After surviving hurricane Wilma, a toe-curling gale that nearly destroyed his 158-foot yacht and its crew, Peter Halmos battled for two and a half years to free Legacy from the federally protected reef where the storm dropped the vessel.
During that time, Halmos battled pirates, environmentalists and the U.S. government, which wanted his boat removed from the Florida Keys National Wildlife Sanctuary but could not agree on a way to extract it. The removal of his boat finally took place on Feb. 25, 2008, when she was towed to an open mooring – a blistering 851 days after she came to rest in Key West's Calda Channel.

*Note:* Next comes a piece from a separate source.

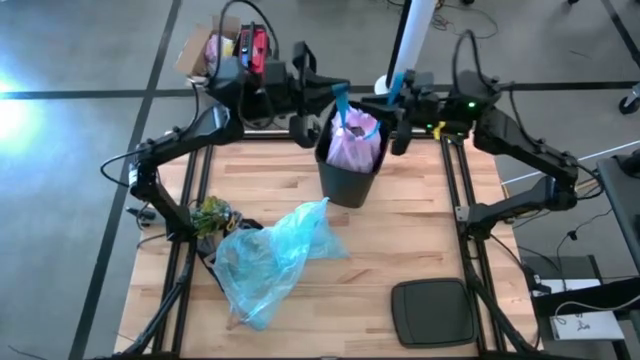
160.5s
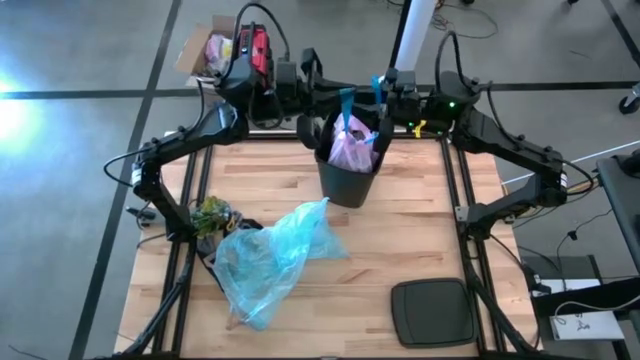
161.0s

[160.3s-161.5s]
Remove the pink trash bag from the trash bin

Freedom had its price. The effort to extract Legacy – about $1.5 million a month, fronted by Halmos – has so far cost more than the $16 million he paid for his beloved sailboat. And while Legacy was finally released from her physical prison, she remains entangled in other ways.
LISA HOOGERWERF KNAPPPeter Halmos wearing Legacy's tattered flag around his neck.Fully 14 months after Legacy came home, she is embroiled in a quagmire that pits Halmos against his yacht's insurer – and they say the boat now belongs to them.
AN ACT OF GOD
When Hurricane Wilma appeared off the Yucatan Peninsula, U.S. forecasters called for 60- to 75-mile-per-hour winds, according to Halmos. "Hell, I can go water-skiing in that," he says.

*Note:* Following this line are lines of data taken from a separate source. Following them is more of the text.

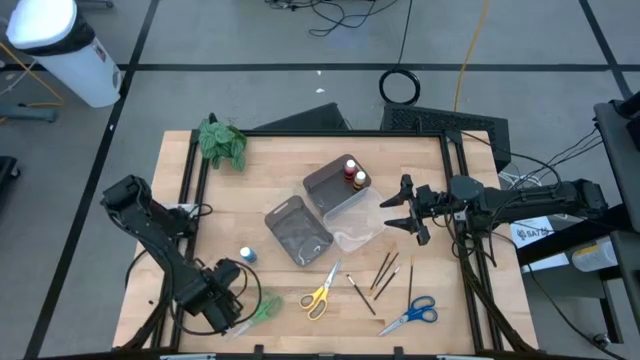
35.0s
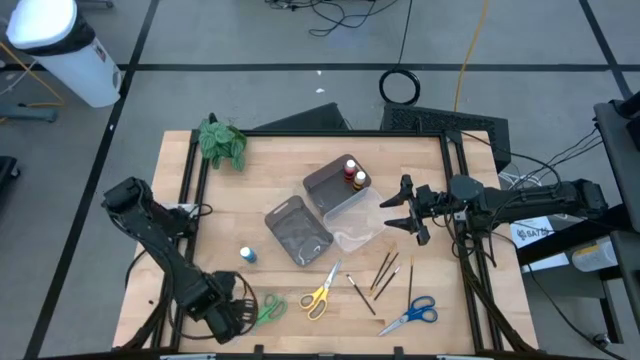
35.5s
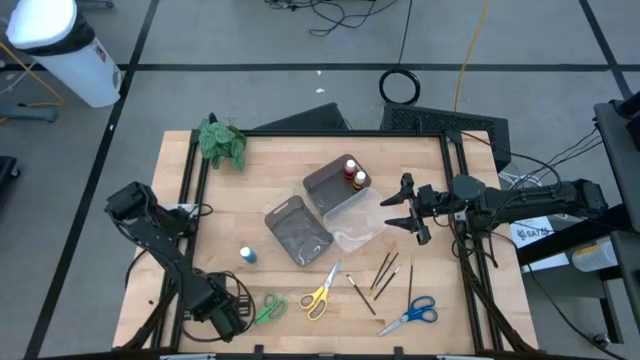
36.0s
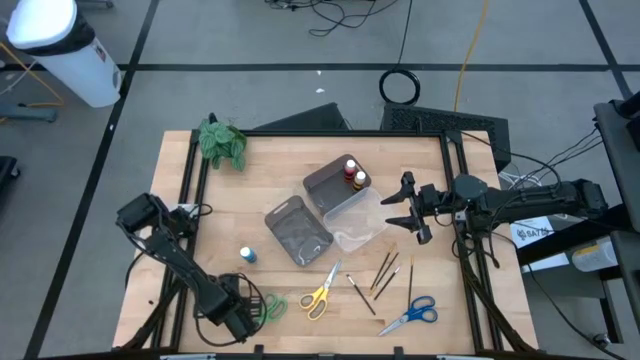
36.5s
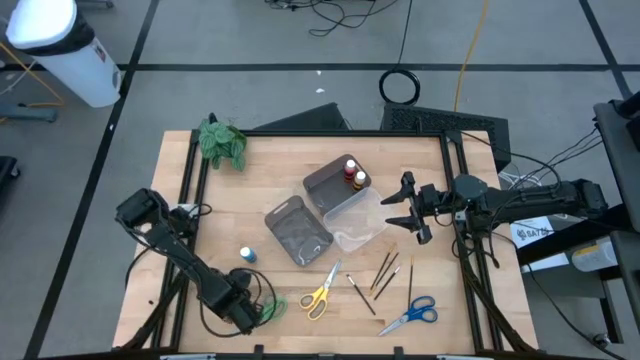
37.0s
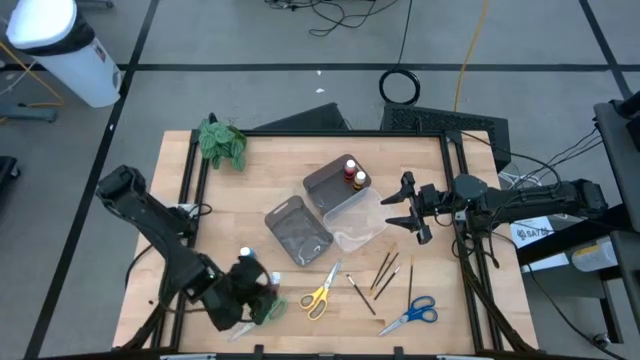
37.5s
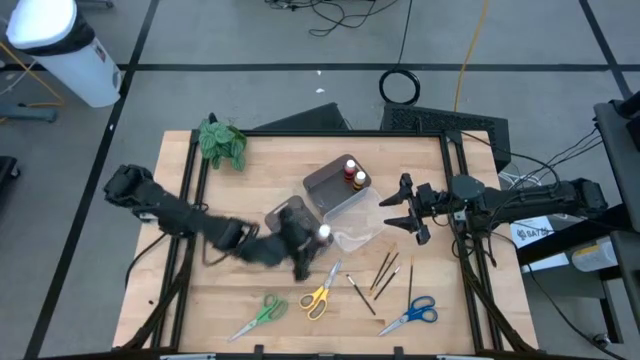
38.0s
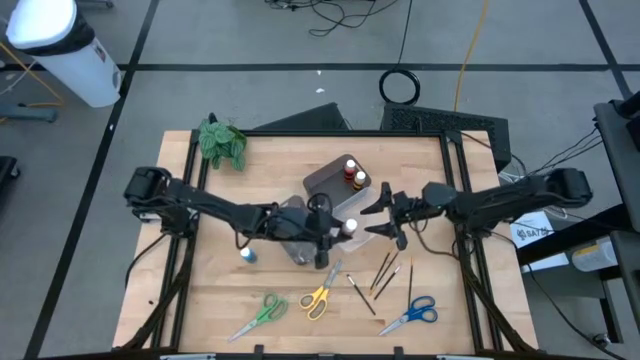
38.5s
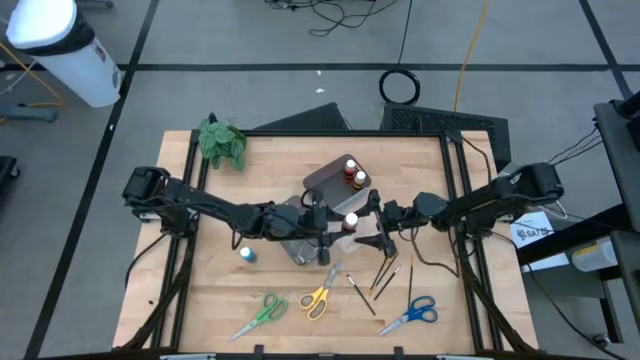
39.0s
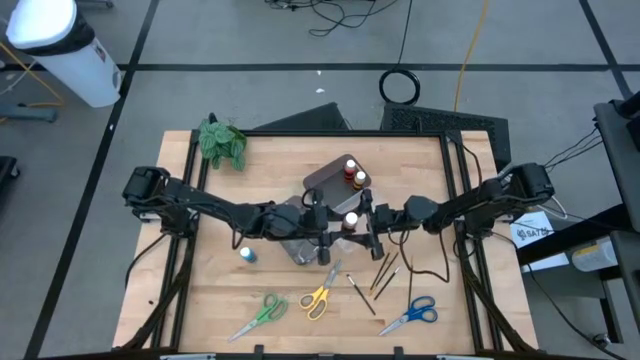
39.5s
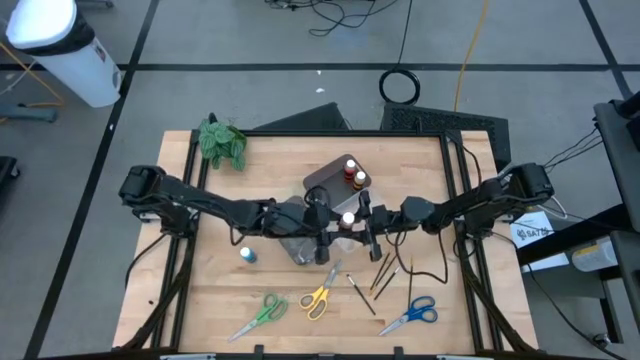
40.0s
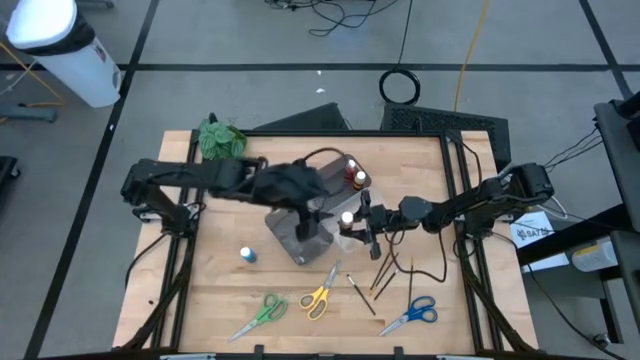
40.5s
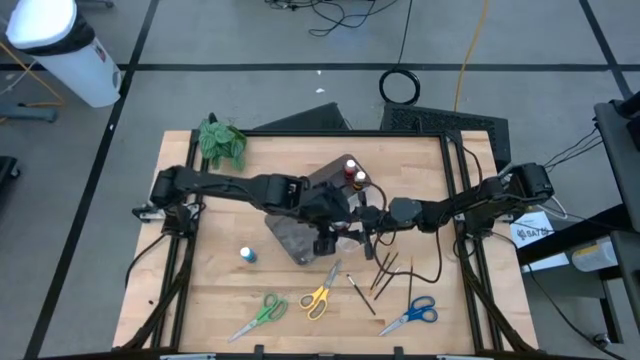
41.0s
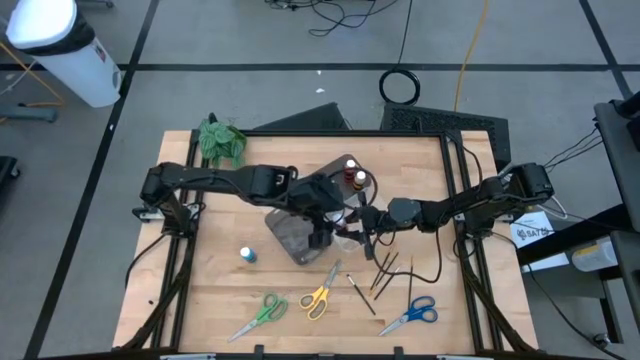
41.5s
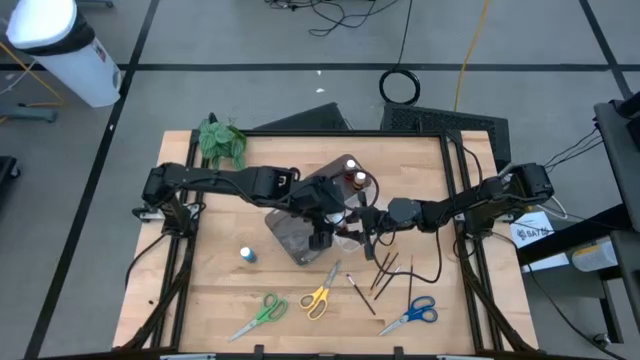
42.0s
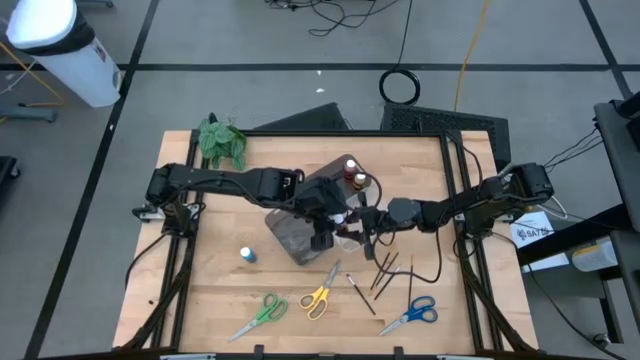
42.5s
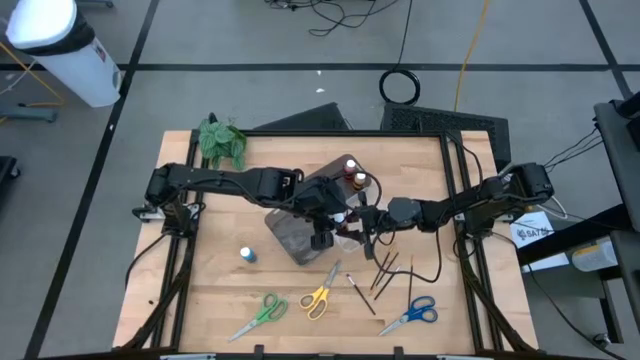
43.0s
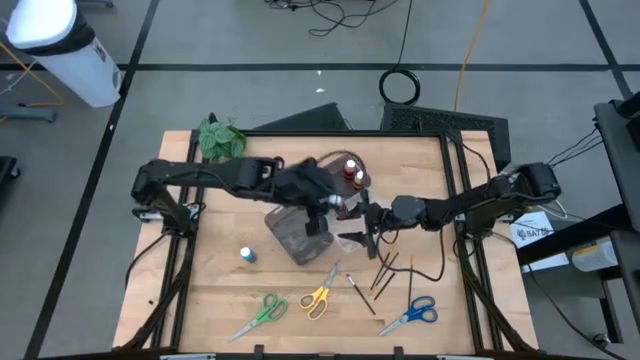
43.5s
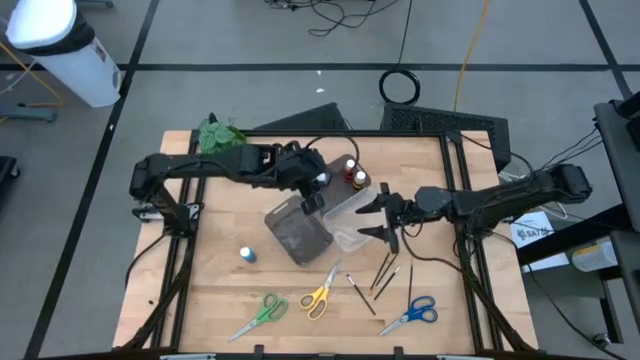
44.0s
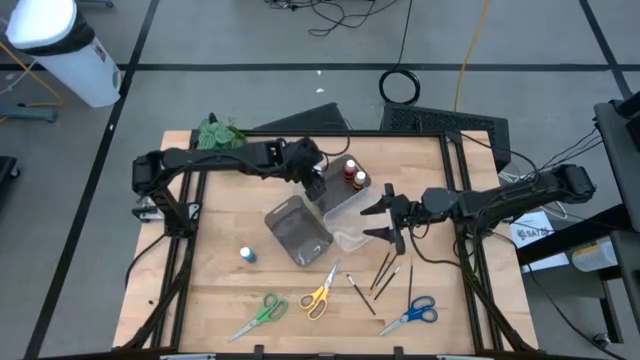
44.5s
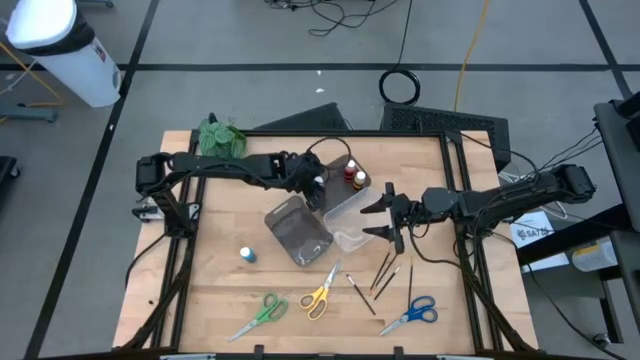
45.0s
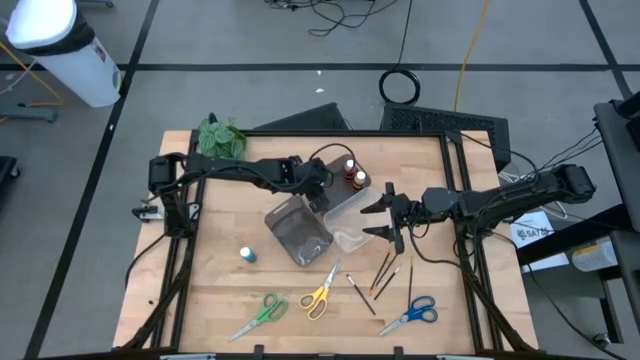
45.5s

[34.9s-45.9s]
Task: Pick & Place Paint Supplies
Put the brown paint bottle into the top black bin

But complicating matters was the arrival of Tropical Storm Alpha from the south, pushing 12-foot seas. Legacy couldn't risk heading east where she would be overtaken by Wilma (which was moving faster than Legacy was capable), nor south into Alpha, or north, which would have trapped her in the Gulf of Mexico. Halmos and his captain chose to ride it out. They anchored Legacy in a shallow hole about one mile northwest of the Key West docks, in sight of the evacuated Coast Guard station – the same spot where the yacht successfully endured Hurricane Katrina's 80-mph winds two months earlier.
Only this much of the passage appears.